Sopa de albondiguilla

Iba yo con mi guitarra a cuestas, intentando un buscar un sitio en que quepamos los dos. Buscaba uno de los asientos del centro, que tienen más espacio. Al llegar allí, de los dos de la izquierda, estaba ocupado por un hombre el que daba al pasillo. Por no molestarle, me senté en uno de los derecha, con un tipo que iba en uno de esos clásicos chándals grises de mercadillo. Y el espectáculo comenzó: el tío éste empezó (quizá lo iba haciendo antes, pero no me di cuenta) a hurgarse la nariz.
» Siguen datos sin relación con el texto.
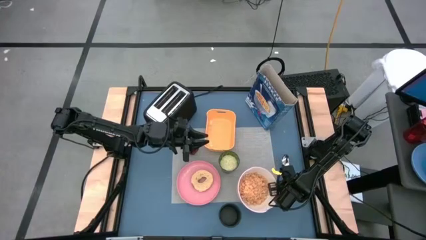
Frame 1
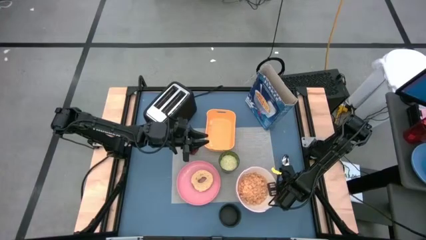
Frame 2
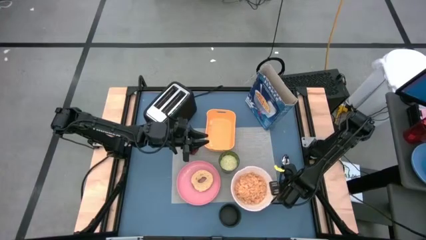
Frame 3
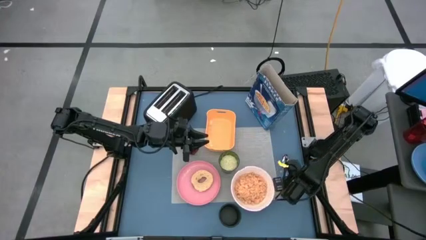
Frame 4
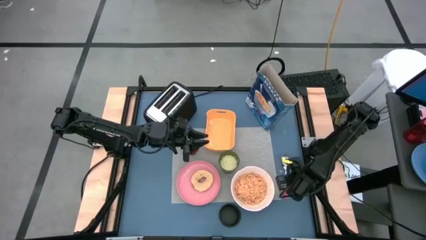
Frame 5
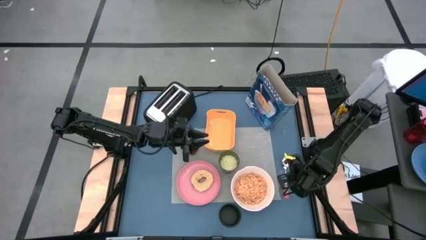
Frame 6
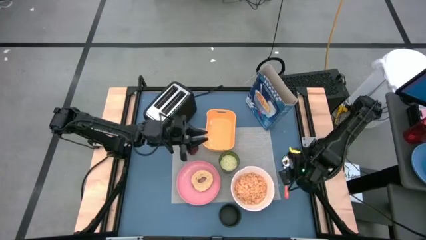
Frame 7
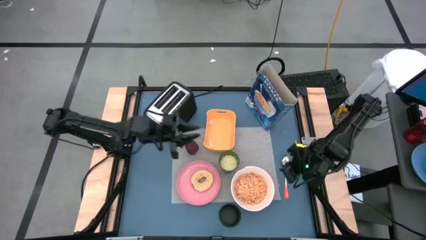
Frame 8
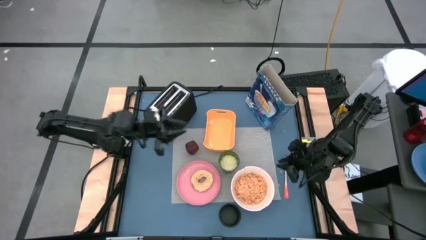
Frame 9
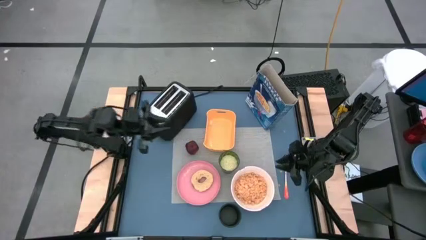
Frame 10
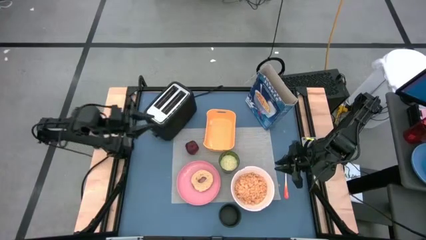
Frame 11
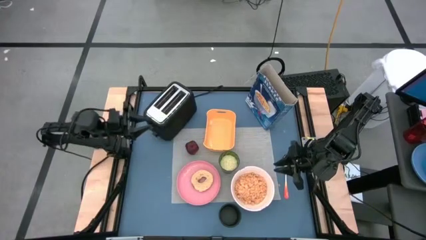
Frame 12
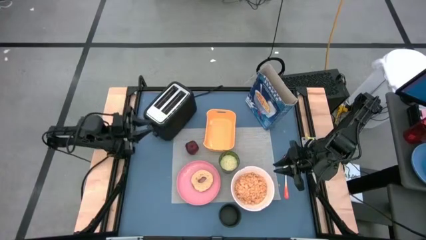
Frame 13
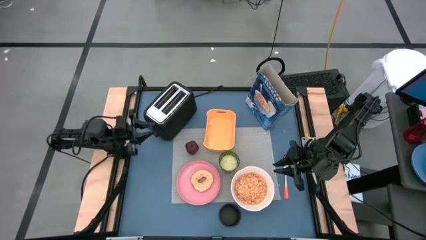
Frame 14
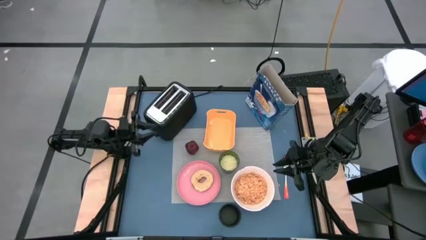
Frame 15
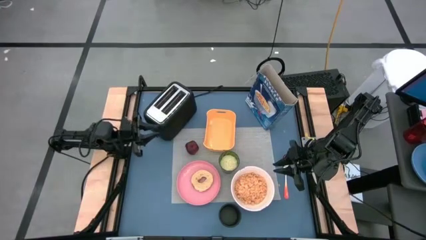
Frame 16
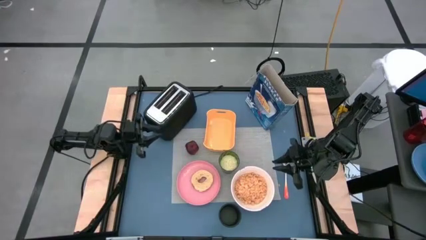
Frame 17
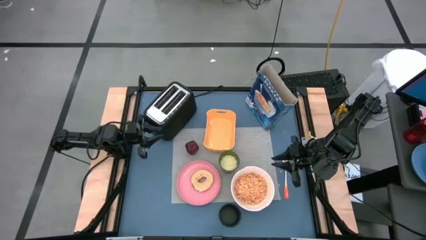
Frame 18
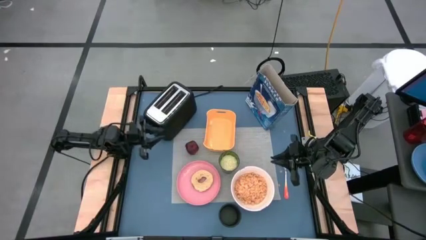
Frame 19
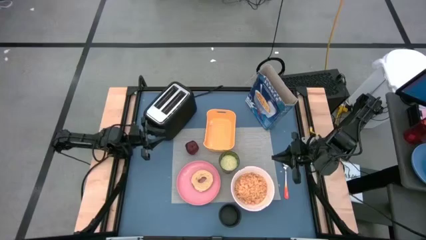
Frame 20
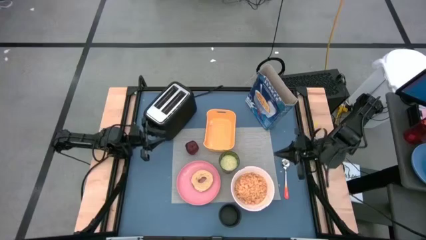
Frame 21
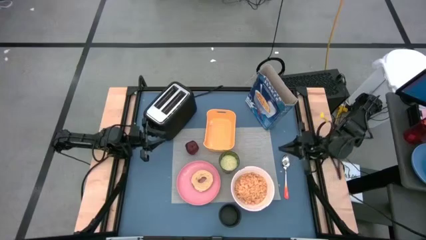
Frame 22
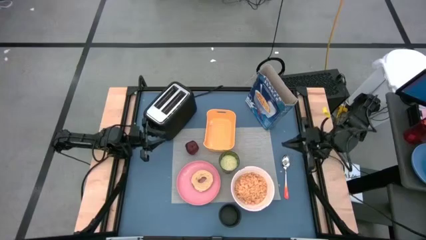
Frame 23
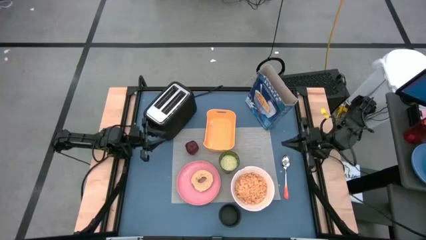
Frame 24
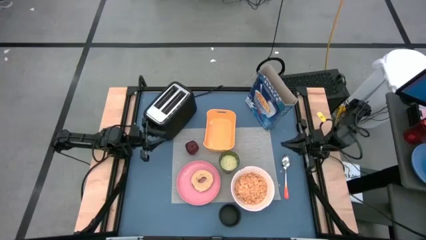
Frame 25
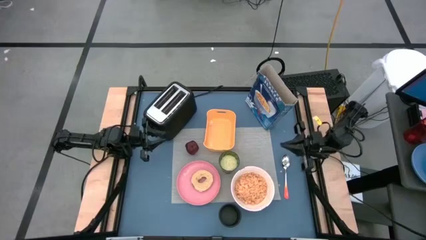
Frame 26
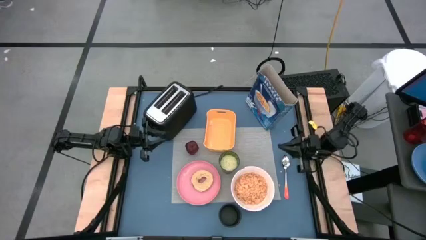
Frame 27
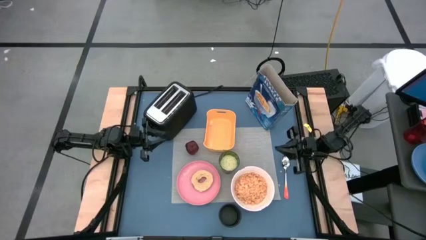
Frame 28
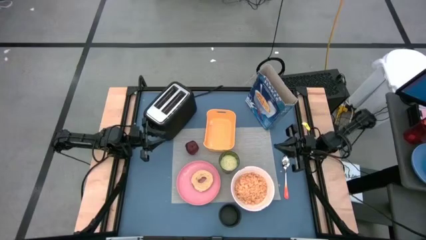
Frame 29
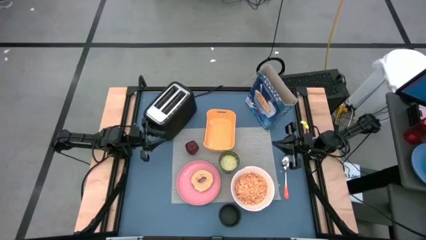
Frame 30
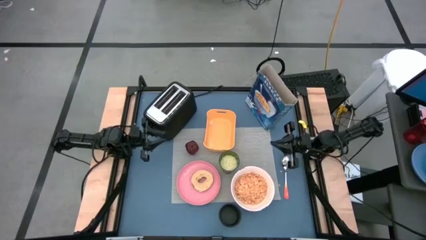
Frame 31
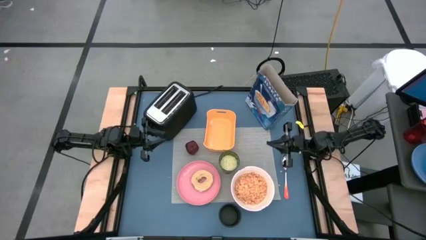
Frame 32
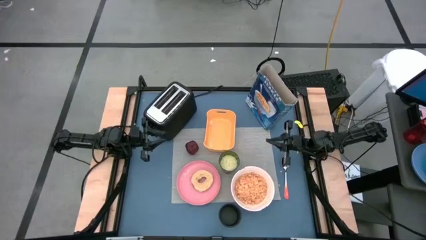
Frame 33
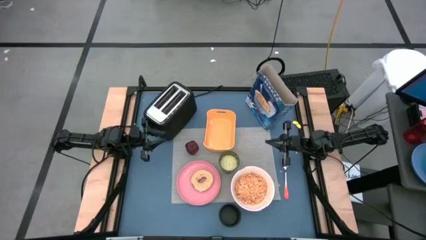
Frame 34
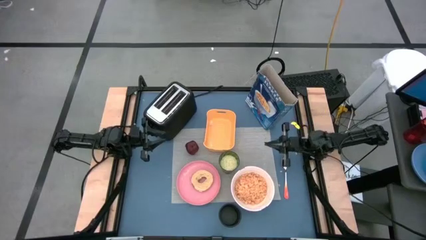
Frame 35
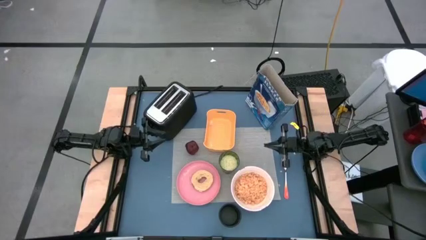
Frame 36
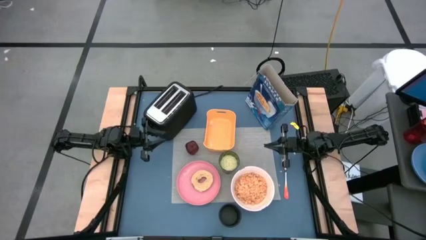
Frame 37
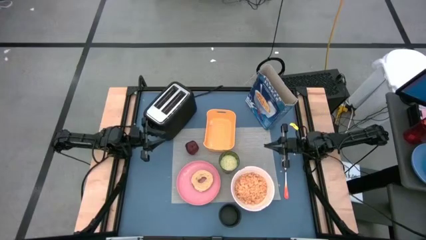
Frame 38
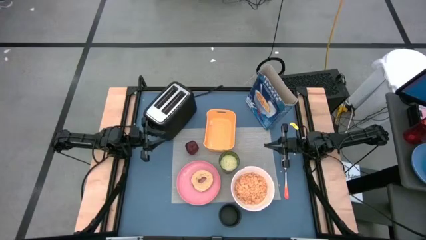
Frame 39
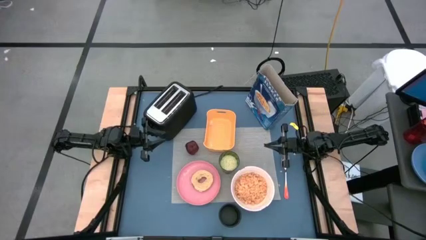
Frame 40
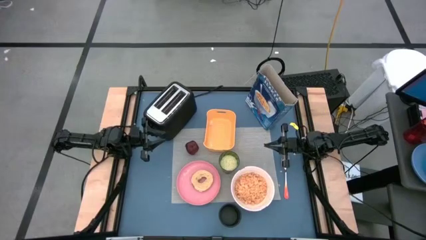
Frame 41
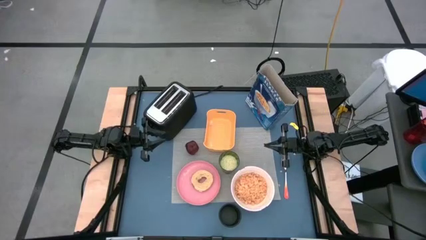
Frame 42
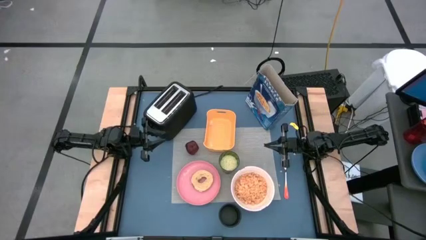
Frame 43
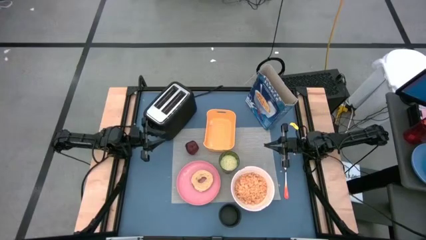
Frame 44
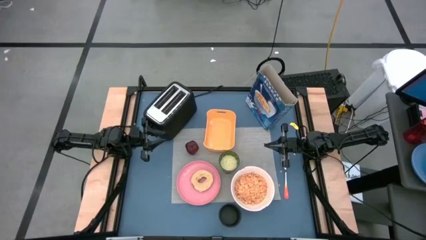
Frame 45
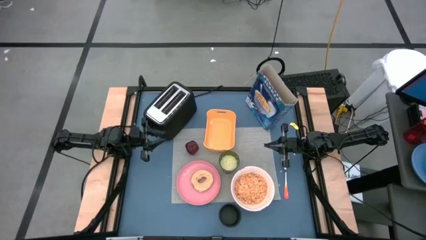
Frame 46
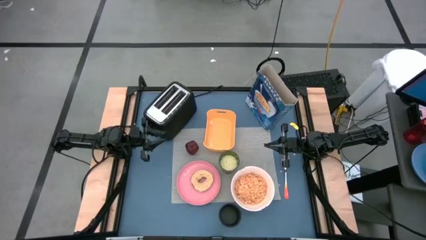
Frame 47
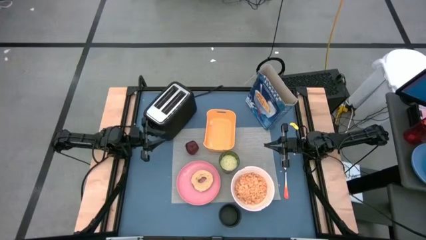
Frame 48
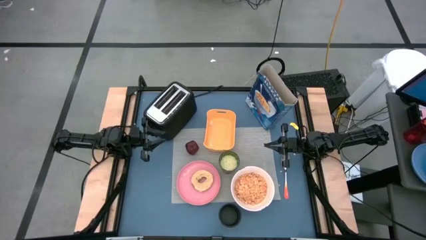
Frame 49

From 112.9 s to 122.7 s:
Task: Arrange a breakfast setting
Return to Home Position

Estas cosas me ponen muy nervioso, no ya solo por cuestiones de higiene sino por educación: no le importaba tener a alguien al lado, sin ningún recato se andaba en la nariz con una técnica depurada por la práctica que consistía en meter el dedo, sacarlo, hacer rápidamente una bolilla con lo extraído usando sólo índice y pulgar, y acto seguido lanzarla despedida al espacio. Tuve tiempo para fijarme en su técnica, ya que el tipo no paraba de utilizarla.
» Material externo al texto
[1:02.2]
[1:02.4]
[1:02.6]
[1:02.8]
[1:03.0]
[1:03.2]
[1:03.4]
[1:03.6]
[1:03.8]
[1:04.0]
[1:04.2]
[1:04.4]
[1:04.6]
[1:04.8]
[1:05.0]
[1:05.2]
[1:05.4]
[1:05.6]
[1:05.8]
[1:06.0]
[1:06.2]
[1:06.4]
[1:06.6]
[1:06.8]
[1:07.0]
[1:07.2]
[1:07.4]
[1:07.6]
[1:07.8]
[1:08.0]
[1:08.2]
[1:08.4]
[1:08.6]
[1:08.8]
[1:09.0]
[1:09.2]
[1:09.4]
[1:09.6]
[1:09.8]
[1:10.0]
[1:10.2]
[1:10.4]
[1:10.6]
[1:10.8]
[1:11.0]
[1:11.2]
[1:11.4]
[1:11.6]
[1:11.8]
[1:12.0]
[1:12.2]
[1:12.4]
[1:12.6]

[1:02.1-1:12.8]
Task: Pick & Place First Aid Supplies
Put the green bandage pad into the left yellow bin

Supuse que enseguida dejaría, para mi tranquilidad, de hacer prospecciones nasales. Pero no: el muy cabrón incluso agarraba de vez en cuando una pelotilla grande y pegajosa, de tal manera que en vez de lanzarla despedida al espacio (rogaba por Dios que tuviera buena puntería y no se le escapara) la pegaba en el asiento de delante. Hacía tiempo que no sentía un odio tan acentuado hacia alguien, que iba incrementándose con cada introspección, y de hecho empecé a enumerar mentalmente la lista de improperios que iba a soltar, aunque estaba decántandome por decirle simplemente que me estaba poniendo nervioso con el jueguecillo cuando el bus paró y vi que había dos asientos libres juntos, para mí y mi guitarra. Sin pensármelo dos veces, me lancé hacia ellos. El tipo me echó una mirada desprovista de interés alguno y siguió a lo suyo.

Desde mi nueva posición, ya más tranquilo, pude observar a lo lejos que ni mucho menos era una actividad pasajera la de este sujeto. ¿Cuánto tiempo calculáis que un hombre puede estar hurgándose la nariz sin que ésta se erosione por el desgaste? Tales portentos no suelen verse mucho estos días, y sin embargo seguro que no era consciente de estar cumpliendo un récord: el viaje duró media hora, durante la cual no dejó de meterse el dedo en la nariz ni para respirar, que supongo que lo haría por la boca. Tan abrumado me quedé que incluso ahora me da algo de reparo rascarme mi naso.

martes, diciembre 13, 2005

Gente civilizada

Esta mañana hacía un frío del carajo. Frío seco y viento, el mortal enemigo de las orejas desprotegidas. Ante una situación tal, lo único que quieres es recogerte en la soporífera pero irresistible calefacción del autobús (Dios, no sé cómo no repetirme tanto con esta palabra) y dejar que tus gafas se empañen mientras encuentras un asiento donde acurrucarte. Pero coño, el bus de hoy tardaba.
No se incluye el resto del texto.